The Difference

What is so great about our beef anyway?

Ribeye Steak

Grass-Fed vs. Grain-Fed Beef — What’s the Difference?

Isn't Grass-fed beef just unmarbled and tasteless?

I asked lots of questions when we first started converting our cattle entirely to grass-fed in 2019. My question was this: "Most people aren't comparing apples to apples - people seem to be just butchering skinny cattle that were never finished and calling it grass-fed. So is there less fat IF YOU TAKE 70/30 grain-fed ground beef and 70/30 grass-fed ground beef? It would be the same, right? I was talking to an expert with decades of experience in the industry working with ruminant animals and advanced degrees in animal science. THEIR ANSWER WAS NO. The actual fat itself is different on a molecular level. Period.

At the end of the day, the main difference in our beef is the cattle aren't fed in confinement, which reduces their efficiency by around 25%. They are free to move about burning calories resulting in more time to produce a fat animal. Our beef is also dry-aged for an average of 21 days instead of being hosed down and packaged immediately. Because of this, it is more "beefy" and less "watery".

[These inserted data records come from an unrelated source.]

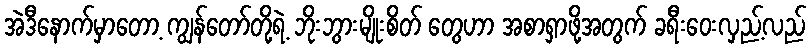
အဲဒီနောက်မှာတော့ ကျွန်တော်တို့ရဲ့ ဘိုးဘွားမျိုးစိတ် တွေဟာ အစာရှာဖို့အတွက် ခရီးဝေးလှည့်လည်
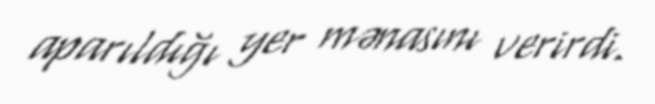
aparıldığı yer mənasını verirdi.
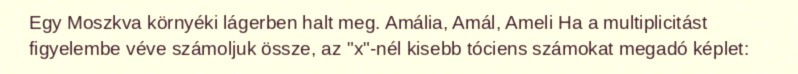
Egy Moszkva környéki lágerben halt meg. Amália, Amál, Ameli Ha a multiplicitást figyelembe véve számoljuk össze, az "x"-nél kisebb tóciens számokat megadó képlet:
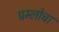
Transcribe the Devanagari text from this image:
प्रम्लोचा
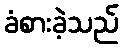
ခံစားခဲ့သည်
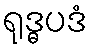
ရုဒ္ဓပဒံ
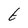
Character: t
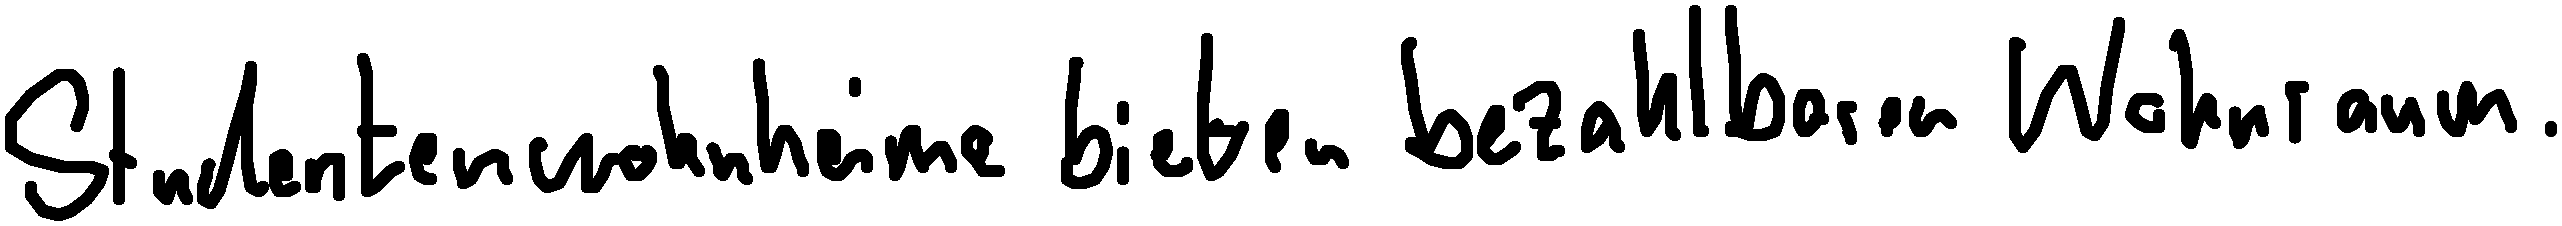
Studentenwohnheime bieten bezahlbaren Wohnraum.
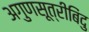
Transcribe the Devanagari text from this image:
अगुणसूत्रीबिंदु
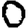
Digit: 0
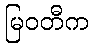
မြဝတီက
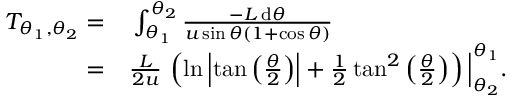
\begin{array} { r l } { T _ { \theta _ { 1 } , \theta _ { 2 } } = } & { { } \int _ { \theta _ { 1 } } ^ { \theta _ { 2 } } \frac { - L \, \mathrm { d } \theta } { u \sin \theta ( 1 + \cos \theta ) } } \\ { = } & { { } \frac { L } { 2 u } \, \left( \ln \left| \tan \left( \frac { \theta } { 2 } \right) \right| + \frac { 1 } { 2 } \tan ^ { 2 } \left( \frac { \theta } { 2 } \right) \right) \Big \vert _ { \theta _ { 2 } } ^ { \theta _ { 1 } } . } \end{array}
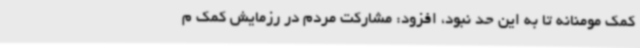
کمک مومنانه تا به این حد نبود، افزود: مشارکت مردم در رزمایش کمک م
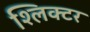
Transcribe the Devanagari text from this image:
श्लिक्टर
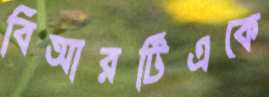
বিআরটিএকে
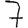
Digit: 7
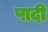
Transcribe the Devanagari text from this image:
पादी
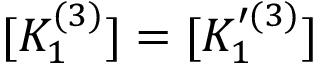
[ K _ { 1 } ^ { ( 3 ) } ] = [ K _ { 1 } ^ { \prime ( 3 ) } ]
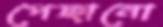
পেছানো
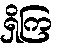
ရှိကြ
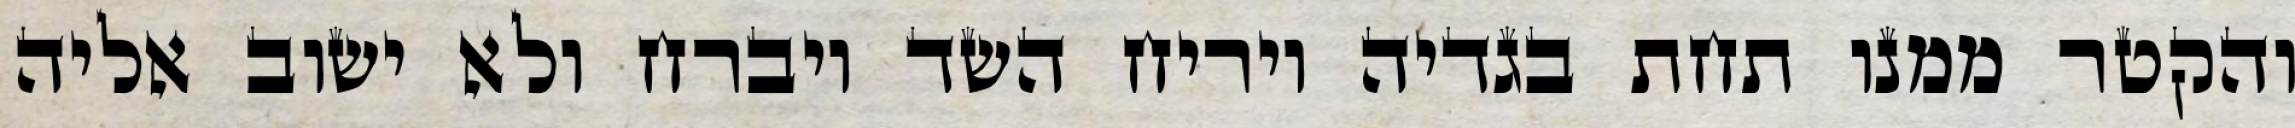
והקטר ממנו תחת בגדיה ויריח השד ויברח ולא ישוב אליה
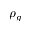
\rho _ { g }
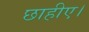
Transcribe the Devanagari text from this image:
छाहीए।
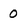
Character: 0
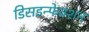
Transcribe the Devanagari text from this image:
डिसइन्फेक्शन
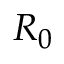
R _ { 0 }
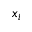
x _ { i }
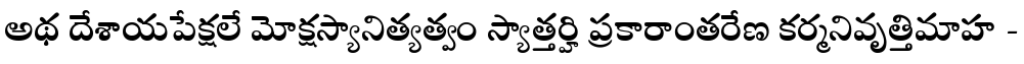
అథ దేశాయపేక్షలే మోక్షస్యానిత్యత్వం స్యాత్తర్హి ప్రకారాంతరేణ కర్మనివృత్తిమాహ -
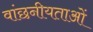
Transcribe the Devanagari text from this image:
वांछनीयताओं
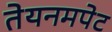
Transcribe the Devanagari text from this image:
तेयनमपेट
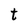
Character: t
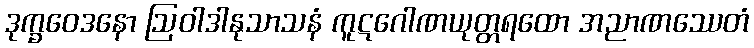
ဒုက္ခဝေဒနော ဩဝါဒါနုသာသနံ ကူဋဂေါဏယုတ္တရထော အညာဏဿေတံ
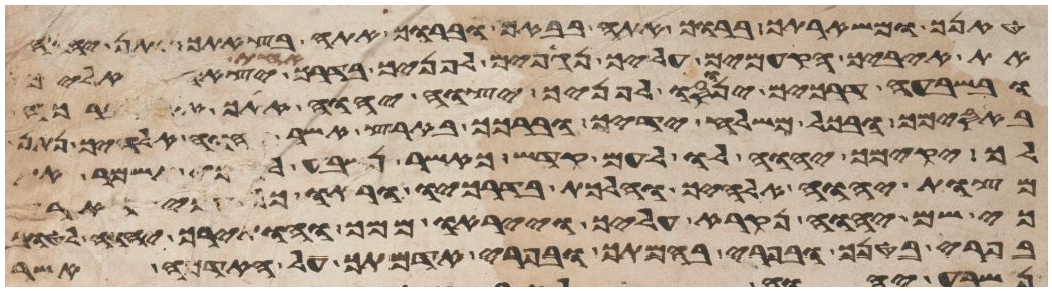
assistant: טנאך ומשארתך ברוך אתה בבאך וברוך אתה בצאתך יתן יהוה
את איביך הקמים עליך נגפים לפניך בדרך אחת יצאו אליך
ובשבעה דרכים ינוסו לפניך יצוה יהוה אתך את
באסימך ובכל משלח ידיך וברכך בארץ אשר יהוה
לך יקימך יהוה לו לעם קדש כאשר נשבע לך כי תשמר
מצות יהוה אלהיך והלכת בדרכיו וראו כל עמי הארץ
כי שם יהוה נקרא עליך וייראו ממך והותירך יהוה
בפרי בטנך ובפרי בהמתך ובפרי אדמתך על האדמה אשר
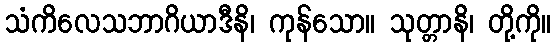
သံကိလေသဘာဂိယာဒီနိ၊ ကုန်သော။ သုတ္တာနိ၊ တို့ကို။
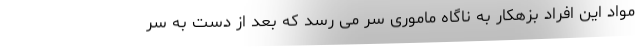
مواد این افراد بزهکار به ناگاه ماموری سر می رسد که بعد از دست به سر
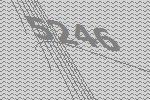
5246
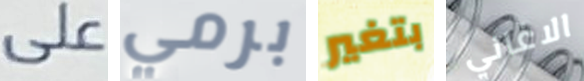
على برمي بتغير الاغاني
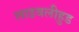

The difference between grass- and grain-fed cattle

In the United States, most cows begin their life the same.

The calves are born in the early spring, drink milk from their mothers, and are then allowed to roam free and eat grass or other edible plants they find in their environment.

This continues for about 7–9 months. After that, most conventionally raised cows are moved to feedlots.

Large feedlots are called concentrated animal feeding operations (CAFOs). There, the cows are kept in confined stalls, often with limited space.

They are rapidly fattened with grain-based feeds that are usually made from a base of soy or corn. Typically, their diet is also supplemented with small amounts of dried grass.

The cows live in these feedlots for a few months before being brought to a slaughterhouse.

Of course, it’s not that simple. The different feeding practices are complicated and varied.

For example, grass-fed beef in Australia may not be directly comparable to US products, and grass-fed beef isn’t necessarily pasture-raised. Not all grass-fed cows can graze outdoors.

In fact, the term grass-fed isn’t clearly defined.

That said, grass-fed cows eat (mostly) grass, while grain-fed cows eat (mostly) an unnatural diet based on corn and soy during the latter part of their lives.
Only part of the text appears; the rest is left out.